> Work task
If a line holds the word "linearGradient", copy it from the entries.

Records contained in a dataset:
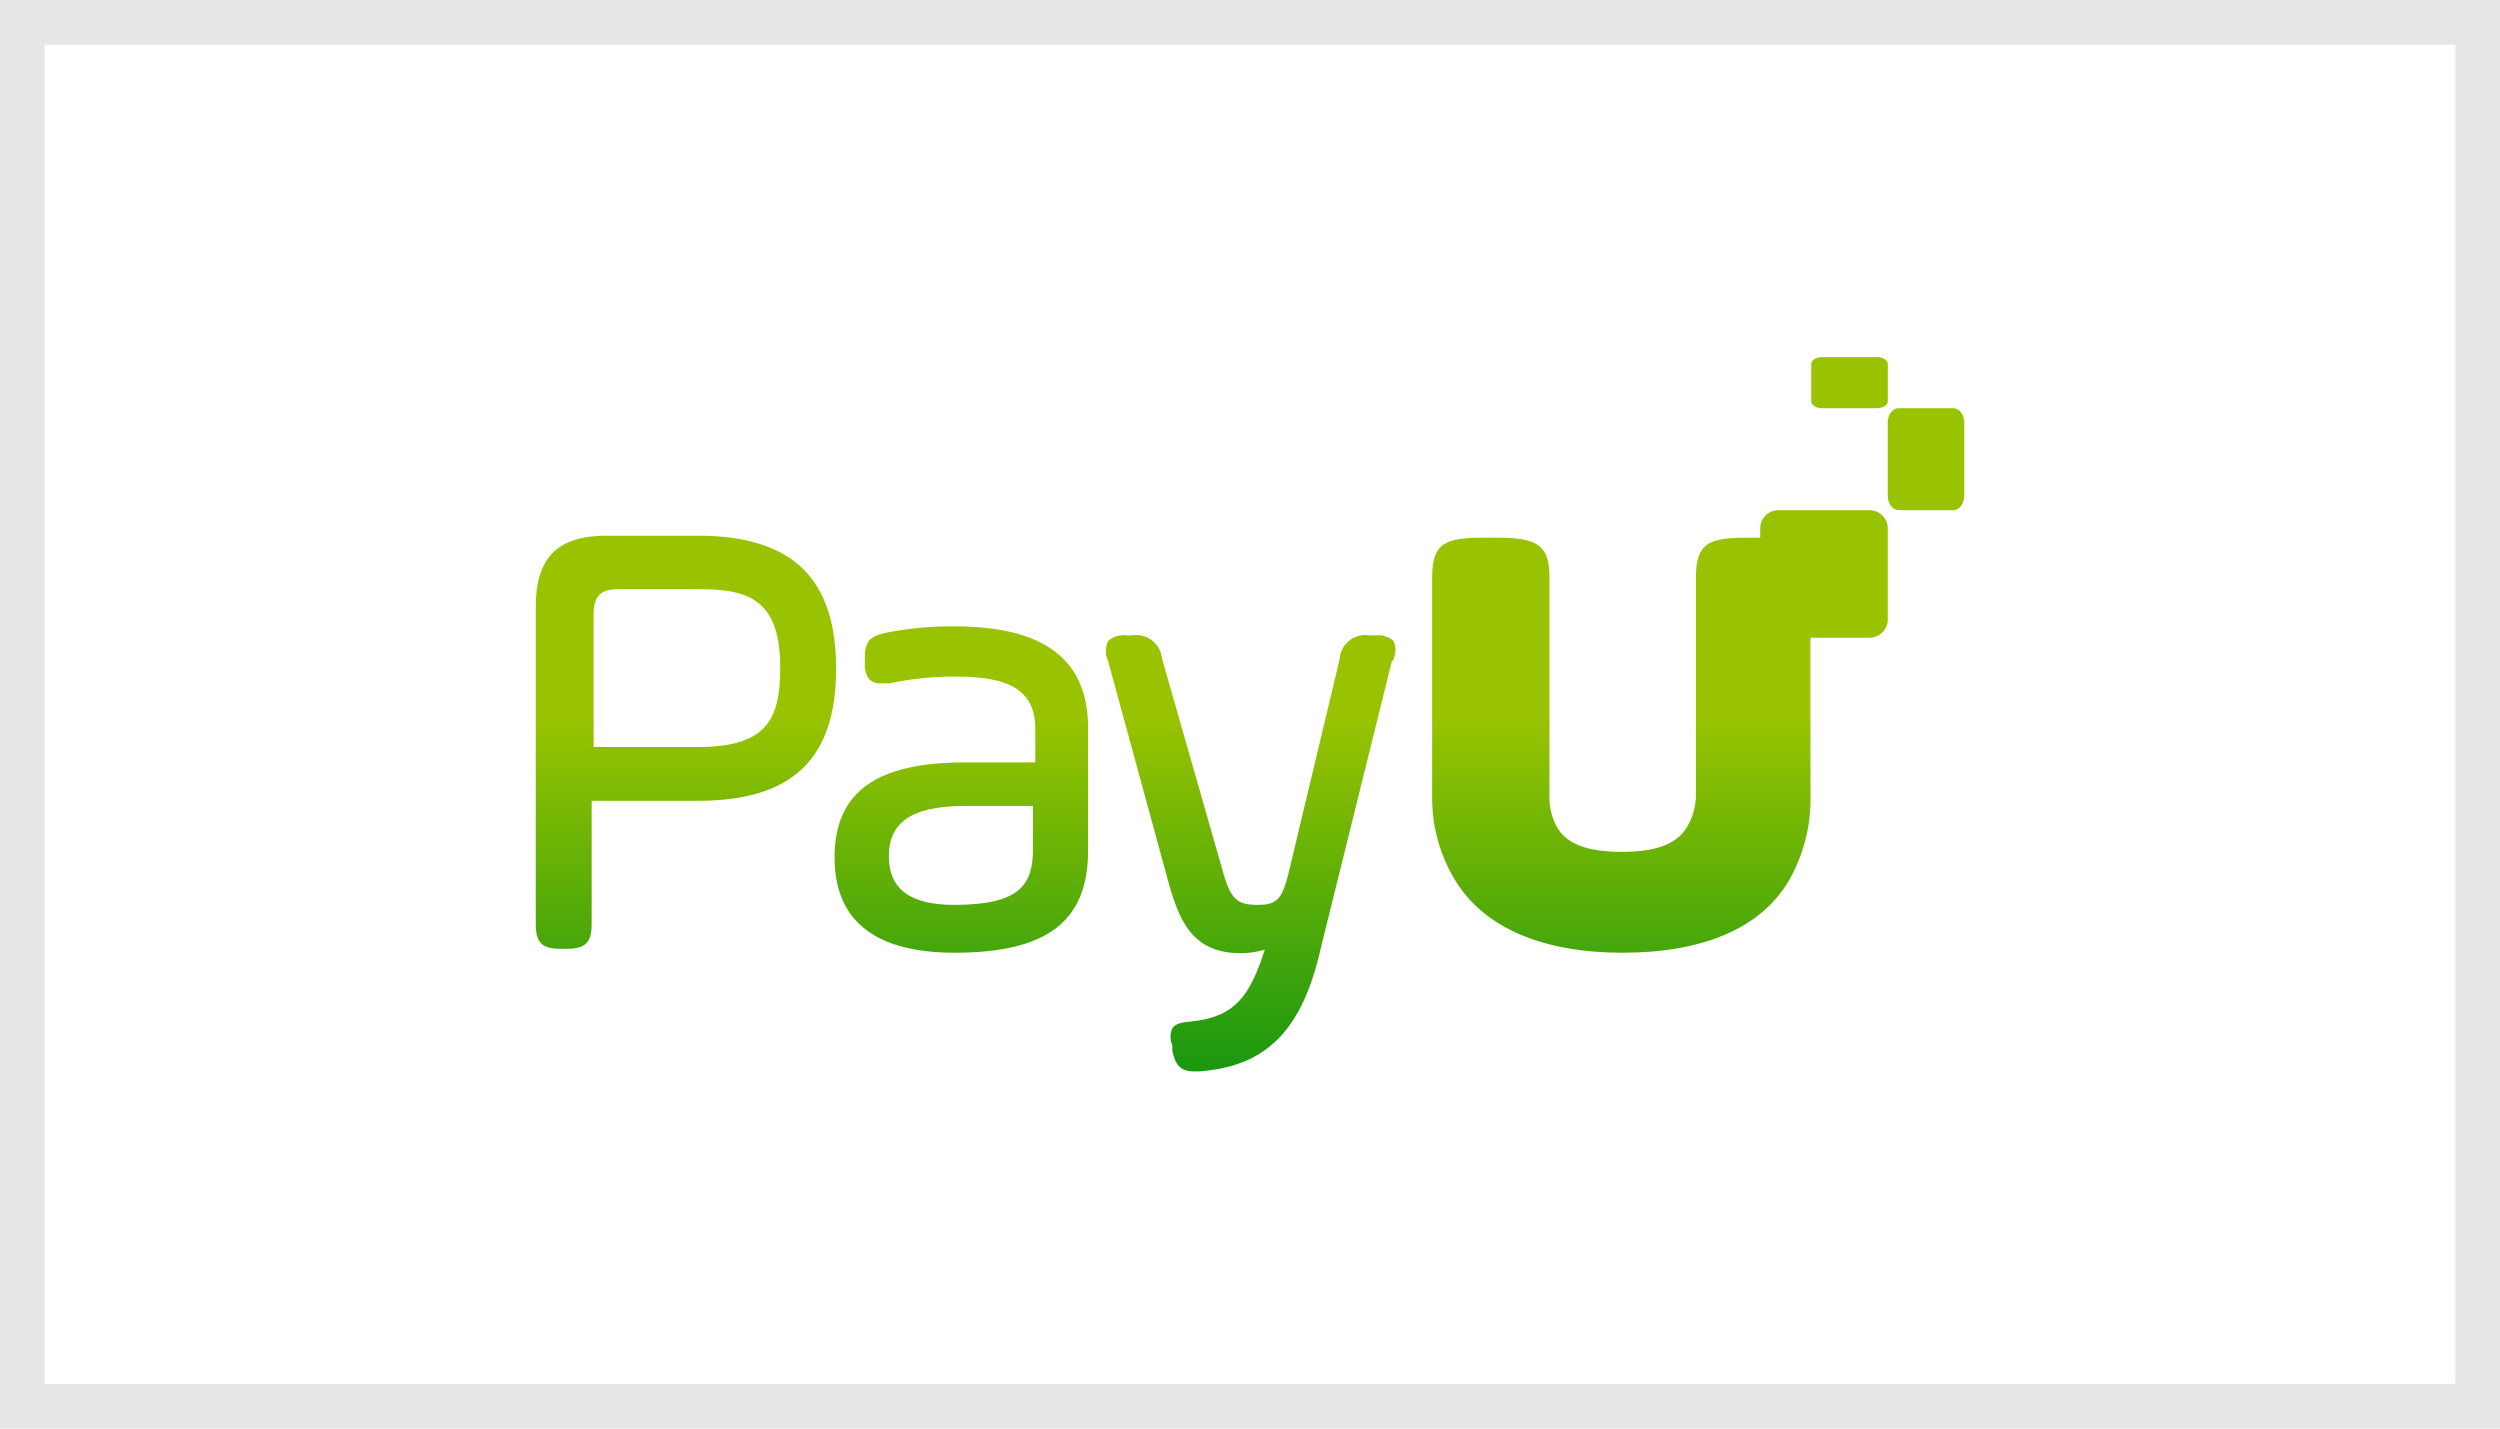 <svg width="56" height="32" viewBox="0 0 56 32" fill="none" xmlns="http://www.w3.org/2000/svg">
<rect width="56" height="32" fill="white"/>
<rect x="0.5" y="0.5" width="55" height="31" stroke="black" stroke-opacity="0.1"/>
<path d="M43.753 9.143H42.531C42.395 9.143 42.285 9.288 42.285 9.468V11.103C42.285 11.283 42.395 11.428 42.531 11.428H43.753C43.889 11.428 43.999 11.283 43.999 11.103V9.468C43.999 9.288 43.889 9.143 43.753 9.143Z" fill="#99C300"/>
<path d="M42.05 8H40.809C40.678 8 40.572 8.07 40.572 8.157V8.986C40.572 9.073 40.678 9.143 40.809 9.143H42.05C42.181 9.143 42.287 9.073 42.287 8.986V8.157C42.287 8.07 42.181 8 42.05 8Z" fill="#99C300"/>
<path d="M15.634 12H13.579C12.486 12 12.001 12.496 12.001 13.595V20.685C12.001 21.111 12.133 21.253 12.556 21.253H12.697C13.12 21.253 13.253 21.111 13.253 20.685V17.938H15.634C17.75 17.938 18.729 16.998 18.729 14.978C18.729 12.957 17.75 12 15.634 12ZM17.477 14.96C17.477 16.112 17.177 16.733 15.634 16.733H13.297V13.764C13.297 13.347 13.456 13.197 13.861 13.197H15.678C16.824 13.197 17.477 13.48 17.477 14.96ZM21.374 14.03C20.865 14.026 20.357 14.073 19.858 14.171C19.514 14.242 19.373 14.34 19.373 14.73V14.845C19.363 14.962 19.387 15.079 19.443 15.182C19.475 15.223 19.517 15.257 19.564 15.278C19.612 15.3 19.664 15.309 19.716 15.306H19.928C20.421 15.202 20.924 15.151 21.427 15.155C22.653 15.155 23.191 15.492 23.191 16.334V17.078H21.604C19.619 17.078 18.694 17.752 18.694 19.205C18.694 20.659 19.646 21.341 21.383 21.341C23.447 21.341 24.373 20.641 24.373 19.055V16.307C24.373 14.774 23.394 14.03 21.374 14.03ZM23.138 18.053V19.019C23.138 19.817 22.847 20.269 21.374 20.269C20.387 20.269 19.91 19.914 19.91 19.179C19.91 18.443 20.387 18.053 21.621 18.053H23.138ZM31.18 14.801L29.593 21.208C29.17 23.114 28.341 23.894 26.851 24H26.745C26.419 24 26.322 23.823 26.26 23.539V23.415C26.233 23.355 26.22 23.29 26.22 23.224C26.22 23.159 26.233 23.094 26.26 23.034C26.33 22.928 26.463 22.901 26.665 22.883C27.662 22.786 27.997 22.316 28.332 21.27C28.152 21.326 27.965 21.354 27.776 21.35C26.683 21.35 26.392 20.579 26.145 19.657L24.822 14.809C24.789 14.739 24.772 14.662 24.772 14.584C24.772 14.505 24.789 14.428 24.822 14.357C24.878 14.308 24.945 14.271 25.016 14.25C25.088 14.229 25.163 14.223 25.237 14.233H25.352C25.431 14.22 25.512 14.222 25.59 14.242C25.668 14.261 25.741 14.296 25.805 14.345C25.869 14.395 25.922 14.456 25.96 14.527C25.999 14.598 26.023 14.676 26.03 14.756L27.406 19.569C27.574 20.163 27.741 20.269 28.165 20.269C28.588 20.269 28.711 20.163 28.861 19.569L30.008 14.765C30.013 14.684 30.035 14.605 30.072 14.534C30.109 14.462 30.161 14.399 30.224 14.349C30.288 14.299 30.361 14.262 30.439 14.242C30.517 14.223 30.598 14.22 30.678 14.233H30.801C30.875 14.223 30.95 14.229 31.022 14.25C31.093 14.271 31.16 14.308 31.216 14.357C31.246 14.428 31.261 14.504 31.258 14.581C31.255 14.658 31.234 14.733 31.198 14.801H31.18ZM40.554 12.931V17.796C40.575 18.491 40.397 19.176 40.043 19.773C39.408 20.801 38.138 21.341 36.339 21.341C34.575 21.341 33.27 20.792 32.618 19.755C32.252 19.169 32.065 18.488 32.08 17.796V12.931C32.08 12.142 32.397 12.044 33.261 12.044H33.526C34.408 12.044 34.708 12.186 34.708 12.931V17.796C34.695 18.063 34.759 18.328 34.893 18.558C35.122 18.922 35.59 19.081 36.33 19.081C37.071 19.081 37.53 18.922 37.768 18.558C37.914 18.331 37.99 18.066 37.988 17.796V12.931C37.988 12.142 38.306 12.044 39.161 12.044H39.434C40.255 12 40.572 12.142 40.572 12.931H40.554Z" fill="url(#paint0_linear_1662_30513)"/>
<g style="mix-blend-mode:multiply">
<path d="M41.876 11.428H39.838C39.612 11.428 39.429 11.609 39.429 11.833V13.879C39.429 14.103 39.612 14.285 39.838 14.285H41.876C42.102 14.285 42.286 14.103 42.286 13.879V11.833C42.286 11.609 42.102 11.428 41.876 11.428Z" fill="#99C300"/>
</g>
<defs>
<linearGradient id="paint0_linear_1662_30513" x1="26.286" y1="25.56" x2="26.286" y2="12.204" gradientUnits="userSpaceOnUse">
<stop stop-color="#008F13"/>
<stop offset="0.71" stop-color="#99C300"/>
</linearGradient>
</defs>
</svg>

> Solution to this problem
<linearGradient id="paint0_linear_1662_30513" x1="26.286" y1="25.56" x2="26.286" y2="12.204" gradientUnits="userSpaceOnUse">
</linearGradient>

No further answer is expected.